« L’Europe entre dans l’ère du Green Manufacturing » avec Arnaud Bocquillon

« L’Europe entre dans l’ère du Green Manufacturing » avec Arnaud Bocquillon

Arnaud Bocquillon du pôle de compétitivité CIMES est chargé du nouveau programme GREEN CIMES. A travers ce programme il fait entrer les industries régionales dans l’ère du Green Manufacturing.
La Semaine Européenne du Développement Durable s’achève et nous sommes à quelques semaines de la COP 26. La transition écologique est désormais un fait accepté et non plus une option envisageable. La stratégie de l’Europe d’atteindre la neutralité carbone en 2050 a des répercussions majeurs dans le monde économique. Les industries n’y échappent pas. Contraintes ou opportunités, comment mettre en oeuvre le Green Manufacturing .

Avant de parler de l’enjeu du Green Manufacturing pour les industries en Europe, pouvez-vous nous parler de votre parcours ?

Arnaud Bocquillon : Je suis né dans le Pas-de-Calais, j’ai grandi en Seine-et-Marne et j’ai fait commencé mes études “mesures physiques” à Orsay en Essonne sur le plateau de Saclay. À vingt ans, après ce parcours francilien, ma priorité était de quitter l’Île-de-France.

J’ai été recruté chez Michelin et c’est comme cela que je suis arrivé à Clermont-Ferrand. J’y ai passé 10 ans entre Ladoux et Cataroux.

Quelques années après mon arrivée, j’ai repris mes études en cours du soir, avec le CNAM en Mécanique. Les cours étaient dispensés à l’IFMA qui est devenu SIGMA depuis. J’ai validé mon diplôme d’ingénieur en mécanique en passant un an à temps plein à dans un des laboratoires clermontois, aujourd’hui l’Institut Pascal.

Grâce à ce parcours initial, j’ai acquis une double expérience bien utile dans un pôle de compétitivité : une expérience R&D dans un grand groupe ainsi que l’immersion dans la recherche académique à l’Institut Pascal. J’ai rejoint l’équipe du pôle VIAMECA (devenu CIMES) en 2007.
Je suis passé par plusieurs missions et aujourd’hui, j’ai une mission d’animation de la thématique robotique et performance de production. Je suis également chargé du nouveau programme GREEN CIMES autour de l’enjeu du Green Manufacturing.

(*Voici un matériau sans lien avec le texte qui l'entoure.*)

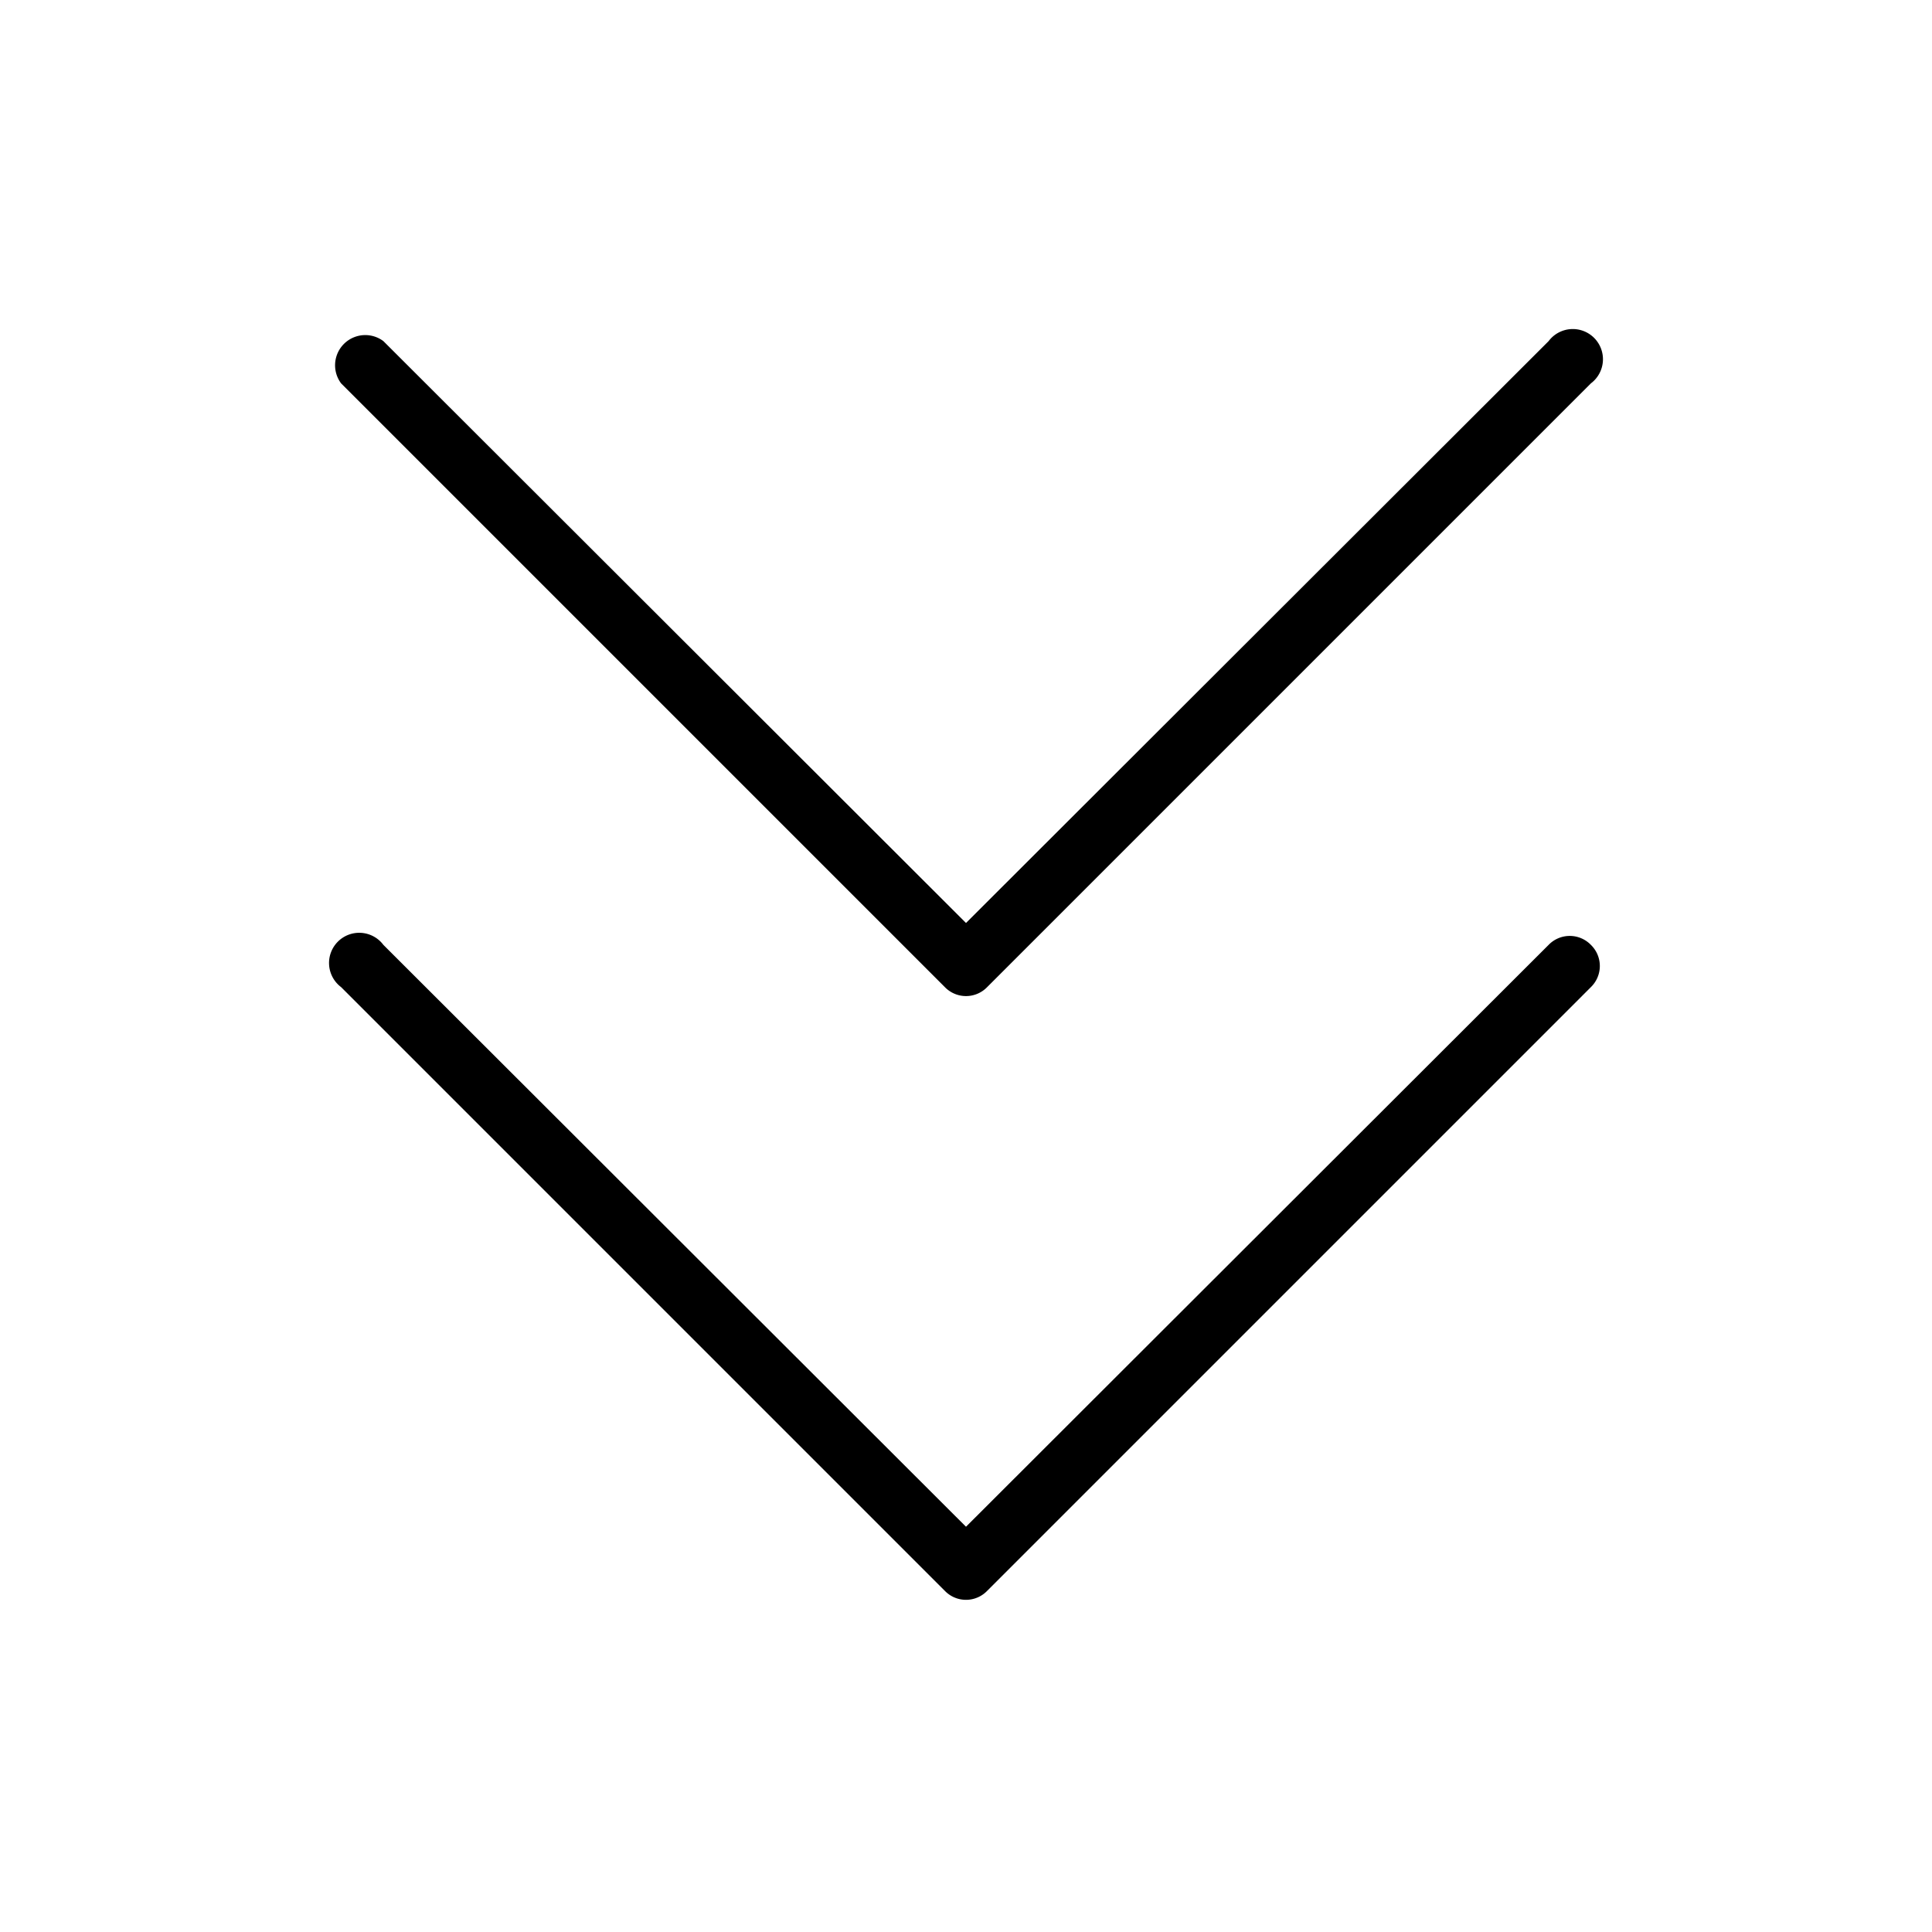 <svg xmlns="http://www.w3.org/2000/svg" viewBox="0 0 256 256" fill="currentColor"><path d="M210.8,125.2a3.9,3.9,0,0,1,0,5.6l-80,80a3.9,3.9,0,0,1-5.6,0l-80-80a4,4,0,1,1,5.6-5.6L128,202.3l77.2-77.1A3.9,3.9,0,0,1,210.8,125.2Zm-85.6,5.6a3.9,3.9,0,0,0,5.6,0l80-80a4,4,0,1,0-5.6-5.6L128,122.3,50.8,45.2a4,4,0,0,0-5.6,5.6Z"/></svg>

Vous pouvez nous pitcher CIMES ?

La raison d’être de CIMES, comme de tout pôle de compétitivité est d’encourager et d’accompagner l’innovation collaborative. D’un point de vue géographique, le pôle couvre aujourd’hui les Régions Auvergne-Rhône-Alpes et Nouvelle-Aquitaine. Nous sommes dédiés à la chaîne de valeur du Manufacturing et à la Performance de Production. C’est notre identité de pôle.

Nos adhérents industriels couvrent cette chaîne de valeur. Ce sont des fabricants de composants, de sous-systèmes (ex : un train d’atterrissage) ou de systèmes complets (ex: un avion) dans différents secteurs (aéronautique, automotive, énergies, agroalimentaire, bois…).
Dans ce pôle, nous avons également des industriels qui permettent aux premiers de fabriquer leurs produits et systèmes. Ils fournissent les technologies, machines, solutions et services industriels.

Indépendamment de la taille des entreprises, il faut qu’il y ait une envie et une culture de l’innovation. C’est ce qui est le plus important.
Au sein d’un pôle, on trouve également des acteurs de la formation, de la recherche et des collectivités. C’est grâce à cette diversité que l’on peut mener à bien des projets collaboratifs innovants qui contribueront à la compétitivité des entreprises.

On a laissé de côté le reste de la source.